Big Sister
Despite resistance, tantrums, sulking and (I'll be honest here) some weak attempts at intellectual terrorism, I ended up watching Celebrity Big Brother. And like everyone else who has been dragged, protesting, into popular culture, I became a helpless gibbering victim. Perhaps it was because I had never seen one of the regular series that I fell so hard, but I promise I don't intend to try watching one.
Like so many activities that have drawn me to their televised fringes - boxing, snooker, poker - it's the underlying stories that pull me in. One night, Doyle Brunson (you don't need to know) won a world championship poker tournament with 10,3. Not fascinated? Well, you wouldn't normally hang onto 10,3. Nor would Doyle Brunson, but he had twice before won a world title with 10,2 (even more unlikely) and he thought he'd got that again. He didn't even check, but he won anyway! That's the kind of story that keeps me from sleep.

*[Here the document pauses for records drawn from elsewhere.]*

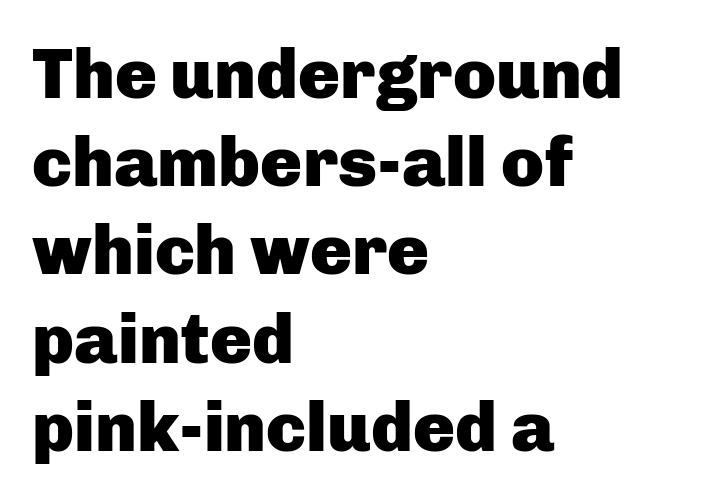
The image shows 70 px heavy sans-serif type, upright; set left-aligned, normal line spacing (1.26x), normal letter spacing, not underlined; low stroke contrast and a medium x-height.
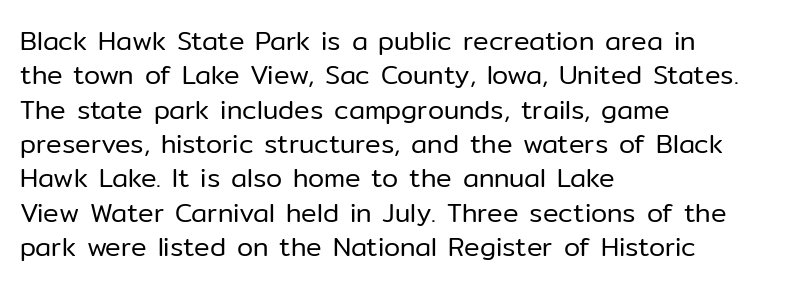
Leftover space on each line is placed entirely after the last word. Notice how the stems are strictly vertical — no italics here. The rendering uses a moderate line-height, typical for paragraphs. Underlining? Definitely not there. A light-to-regular cut is what we see here.
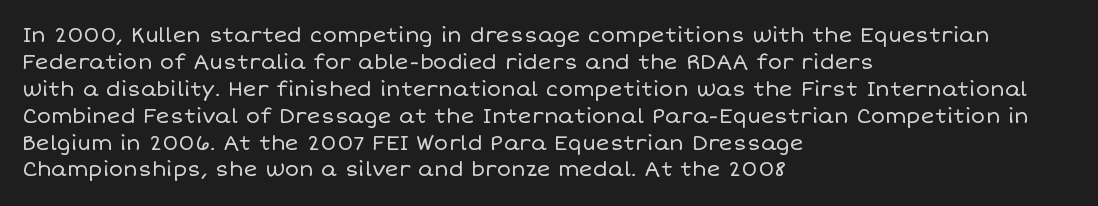
{"italic": "no", "bold": "no", "underline": "no", "align": "left", "line_spacing": "normal", "line_spacing_ratio": 1.28, "letter_spacing": "normal", "letter_spacing_em": 0.0, "glyph_px": 21}

The thinking point of Big Brother was, for me, even less riveting. A boy from a band that I hadn't previously heard of was saying that although his family were poor, they still had pesto, so he guessed they were really poor middle class. My own family were poor in a way that would sound like a joke to many today. We lived with my Gran until we got a council house and when we did the council had stripped it of every removable thing, including the colour. It was a cream-painted shell. Unable to afford carpets, my Dad painted the floors - blue in the kitchen, brown in the living room and green upstairs. We collected furniture from friends and family, but among my Dad's first purchases (probably on tick from the Co-op) were a bookcase and a radiogram. I think the whole street must have heard the row. My Mum couldn't understand his priorities, but years later I understood the pesto remark. We were poor, but we had a bookcase and a radiogram.
When I got with The Man his son told me that they were all fascinated to see how it would turn out. "You're like complete opposites. You're, well, clever and he's ... Dad." I think The Man is clever, but schoolteachers in his past would queue up to contradict me. His approach to school was to get the cane three times early in the day so that he would be exempt from further punishment and could do what he liked for the day. The only record player story he could remember when I asked was when an auntie of his was going out with a gangster who stomped all over the 78's at a drunken Christmas party.
I think what I loved first about The Man (apart from his body) was that he came from a place I recognised. He didn't think painted floors were a joke or a shocking deprivation. He can tell stories of long dead relatives one-for-one with me and he has a mind for historical detail I've not come across since my Gran died. We have accumulated a huge stack of books and CDs but some differences remain. We eat what is good for us as we were brought up to and although that has changed with science and fashion, he eats his with tomato sauce - and I don't. You see, my family were poor, but we didn't eat ketchup - it's like pesto, but the other way round.